I recently built a custom computer with an ASUS M3N72-D motherboard, Athlon 64 X2, and Cooler Master Real Power Pro 650W power supply. I booted it up, no problems. Started installing Windows, no problem. After Windows finished installing I realized I had the boot order of the drives incorrect, so shut things down, touched the case to ground myself, then switched the two SATA drive connections, closed it back up and powered on.

When the power came on this time, I get nothing. No booting, no beeps, just a black screen. The monitor shows no activity.

Have no idea what is going on here. Can anyone help me figure this one out?


----------



## bauhsoj (Apr 20, 2005)

OK, so right after I posted this, I got the apparently bright idea to completely turn off the power supply. It solved the problem and the computer boots now.

Would love to know why this makes a difference. :4-dontkno


----------



## greenbrucelee (Apr 24, 2007)

did you have the psu on before cooneting everything up? If so when the computer was plugged in the initial jolt could have made a minor spike which the psu didn't like.


----------



## bauhsoj (Apr 20, 2005)

Yep, sure did! Could that have damaged anything?


----------



## greenbrucelee (Apr 24, 2007)

it could have but if its working now then I wouldn't worry too much. Test the psu with a multimeter or download sensor veiw o make sure the voltages are ok.

If you do start getting intermittant or strange issues then your psu is probably the first thing to suspect.


----------



## bauhsoj (Apr 20, 2005)

The system booted just fine for a while and now I can't get it to go past the motherboard intro screen. The motherboard is an "ASUS M3N72-D". Can't enter Setup by pressing delete or display the BIOS POST message by pressing tab. The screen is just frozen on that initial motherboard message image.

Just discovered that no system beeps are sounding because my supposedly super awesome Thermaltake Armor+ MX case doesn't come with a built in speaker for the motherboard to send the beeps to. 

How do I test the PSU with a multimeter since I can't get it to start so I can use a sensor program?

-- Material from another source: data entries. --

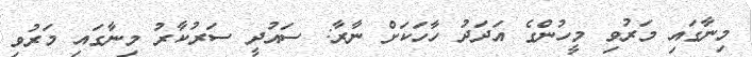
މިނާގައި މަރުވި މީހުންގެ އަދަދު ހާހަކަށް ނާރާ: ސައުދީ ސަރުކާރު މިނާގައި މަރުވި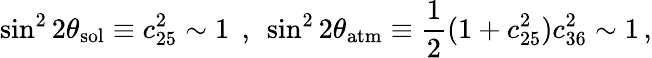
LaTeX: \sin^{2}2\theta_{\mathrm{sol}}\equiv c_{25}^{2}\sim 1\; \, ,\, \; \sin^{2}2\theta_{\mathrm{atm}}\equiv\frac{1}{2}(1+c_{25}^{2})c_{36}^{2}\sim 1\, ,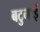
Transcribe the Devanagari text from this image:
बटुभाई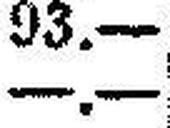
—.—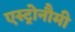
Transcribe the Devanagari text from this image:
एस्ट्रोनौमी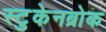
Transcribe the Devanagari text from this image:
स्टुकेनब्रोक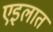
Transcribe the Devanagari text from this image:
एइलात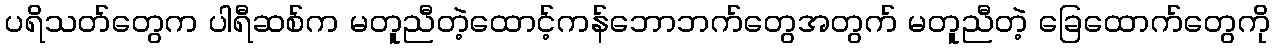
ပရိသတ်တွေက ပါရီဆစ်က မတူညီတဲ့ထောင့်ကန်ဘောဘက်တွေအတွက် မတူညီတဲ့ ခြေထောက်တွေကို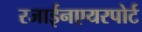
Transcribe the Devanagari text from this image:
रजाईनएयरपोर्ट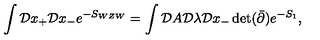
\int { \cal D } x _ { + } { \cal D } x _ { - } e ^ { - S _ { W Z W } } = \int { \cal D } A { \cal D } \lambda { \cal D } x _ { - } \det ( \bar { \partial } ) e ^ { - S _ { 1 } } ,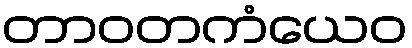
တာဝတကံယေဝ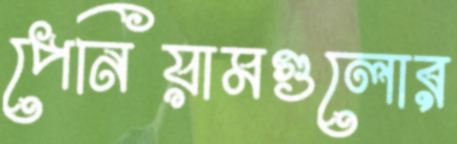
পেনিয়ামগুলোর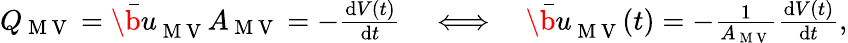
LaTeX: \begin{array}{r}{Q_{\mathrm{~M~V~}}=\bar{\b u}_{\mathrm{~M~V~}}A_{\mathrm{~M~V~}}=-\frac{\mathrm{d}V(t)}{\mathrm{d}t}\quad\Longleftrightarrow\quad\bar{\b u}_{\mathrm{~M~V~}}(t)=-\frac{1}{A_{\mathrm{~M~V~}}}\frac{\mathrm{d}V(t)}{\mathrm{d}t},}\end{array}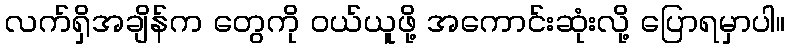
လက်ရှိအချိန်က တွေကို ဝယ်ယူဖို့ အကောင်းဆုံးလို့ ပြောရမှာပါ။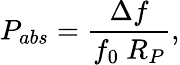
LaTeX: P_{abs}=\frac{\Delta f}{f_{0}\ R_{P}},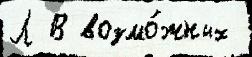
Л В возмо́жных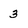
Character: 3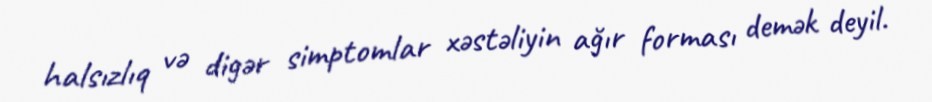
halsızlıq və digər simptomlar xəstəliyin ağır forması demək deyil.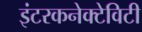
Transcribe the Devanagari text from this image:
इंटरकनेक्टेविटी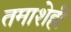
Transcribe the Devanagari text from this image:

Suckiest part is, I had another problem happen a while back preventing the computer from functioning at all, so I sent ALL my parts in for manufacturer replacement and bought a top of the line PSU just to be safe. Now I am having this problem.


----------



## Tyree (May 10, 2009)

The speaker should have came with the Mobo.
http://www.techsupportforum.com/f210/test-your-power-supply-with-a-multi-meter-151526.html


----------